* _Assigned task_
Restate exactly the lines of the entries below, beginning with the first and ending with the line that holds "Q: Is the spacing". Pictures are not copied.

*** Excerpted data Section Begins ***

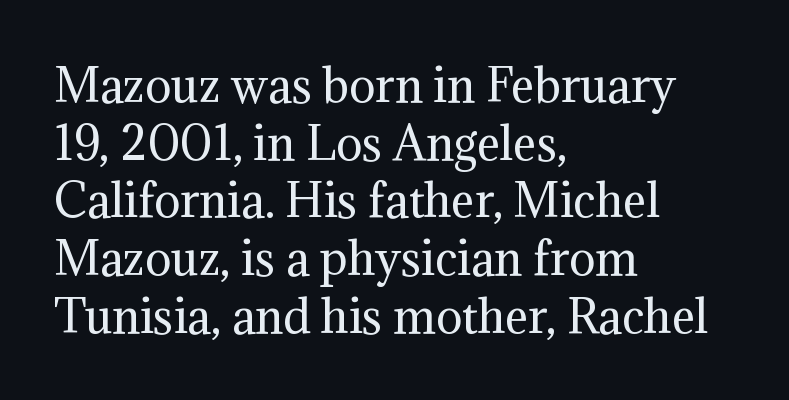
The setting favours the left margin, as ordinary paragraphs usually do. Anything drawn beneath the words? Only blank space. These lines keep a tight, regular rhythm from letter to letter. A typesetter would label this face a serif. Quick note: interline space is typical. Here the designer chose a conventional face with non-uniform glyph widths.
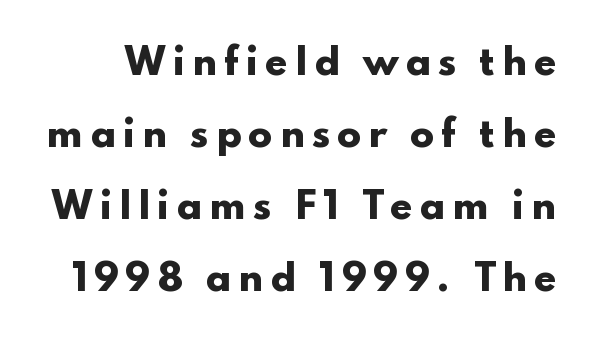
Words float on clear page, feet unadorned. Think of a printed novel: that variable character pitch is what you see here. This rendering employs a face without finishing strokes, i.e., a sans-serif. Each new line begins a long way beneath the previous one.
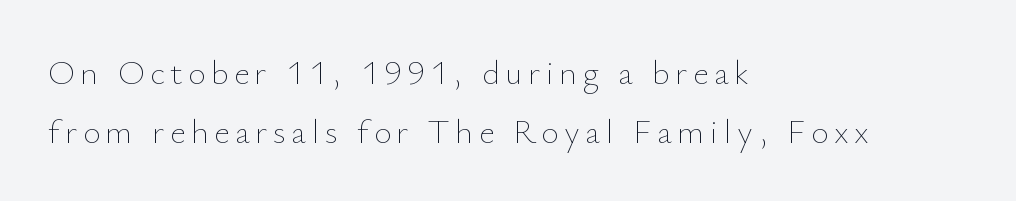
{"italic": "no", "bold": "no", "weight": "thin", "width": "normal", "stroke_contrast": "low", "x_height": "small", "monospaced": "no", "underline": "no", "align": "left", "line_spacing_ratio": 1.73, "glyph_px": 34}
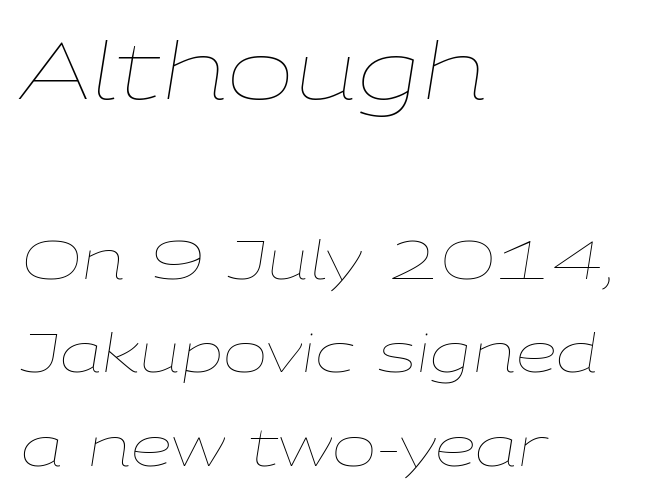
Q: Is the text bold? A: No.
Q: Is the text italic (slanted)? A: Yes, it leans right by about 9 degrees.
Q: Is the text underlined? A: No.
Q: How is the paragraph aligned? A: Left-aligned.
Q: Is the spacing between letters normal or unusually wide? A: Normal.
Q: Which block of text is set in a larger size, the first (top) or the second (bottom)? A: The first (top) one.
Q: Width (condensed, normal, or wide)? A: Wide.
Q: Stroke contrast? A: Low.
Q: x-height? A: Medium.
Q: Monospaced? A: No.
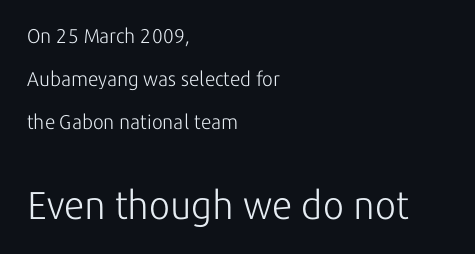
The image shows 39 px light sans-serif type, upright; set left-aligned, loose line spacing (2.16x), normal letter spacing, not underlined; the second (bottom) block is 1.95x larger; low stroke contrast and a medium x-height.
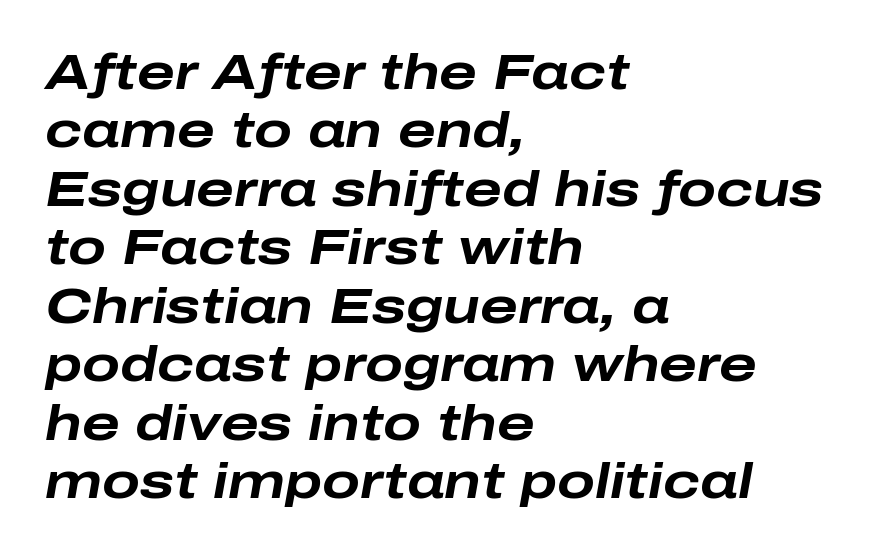
Looking at the ascenders, they clearly lean. Set as a true bold cut, around the 700 mark. Is the letter spacing exaggerated? No — it looks like the ordinary default. This sample has the flowing, uneven cadence of proportional lettering.
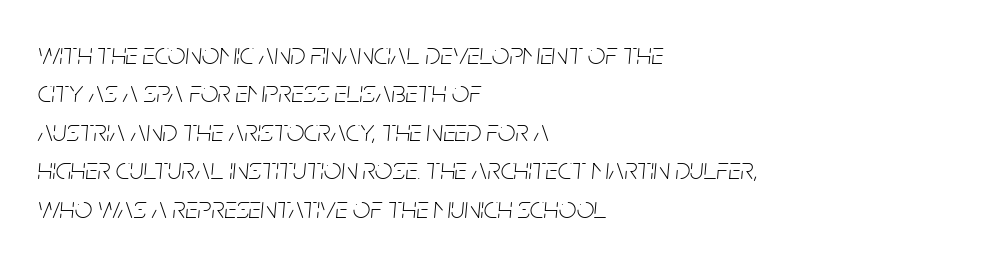
{"italic": "yes", "lean": "right", "slant_degrees": 5, "bold": "no", "weight": "thin", "width": "condensed", "stroke_contrast": "low", "x_height": "large", "monospaced": "no", "underline": "no", "align": "left", "line_spacing_ratio": 1.24, "letter_spacing": "normal", "letter_spacing_em": 0.0, "glyph_px": 31}
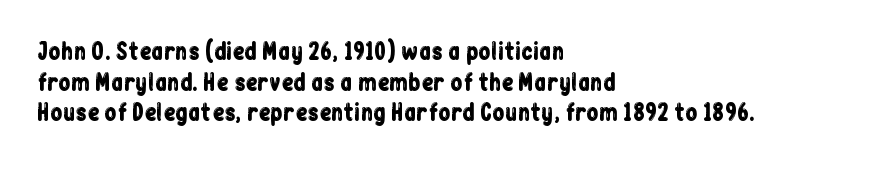
If you drew a line through each stem, it would be perfectly vertical. Honestly, the letter spacing is just normal — you wouldn't notice it. The words here are not underlined. Notice how the passage keeps a crisp vertical edge on the left only. Interline gaps are of average width in this sample.

*** Excerpted data Section Ends ***

* _Solution_
The setting favours the left margin, as ordinary paragraphs usually do. Anything drawn beneath the words? Only blank space. These lines keep a tight, regular rhythm from letter to letter. A typesetter would label this face a serif. Quick note: interline space is typical. Here the designer chose a conventional face with non-uniform glyph widths.
Words float on clear page, feet unadorned. Think of a printed novel: that variable character pitch is what you see here. This rendering employs a face without finishing strokes, i.e., a sans-serif. Each new line begins a long way beneath the previous one.
{"italic": "no", "bold": "no", "weight": "thin", "width": "normal", "stroke_contrast": "low", "x_height": "small", "monospaced": "no", "underline": "no", "align": "left", "line_spacing_ratio": 1.73, "glyph_px": 34}
Q: Is the text bold? A: No.
Q: Is the text italic (slanted)? A: Yes, it leans right by about 9 degrees.
Q: Is the text underlined? A: No.
Q: How is the paragraph aligned? A: Left-aligned.
Q: Is the spacing between letters normal or unusually wide? A: Normal.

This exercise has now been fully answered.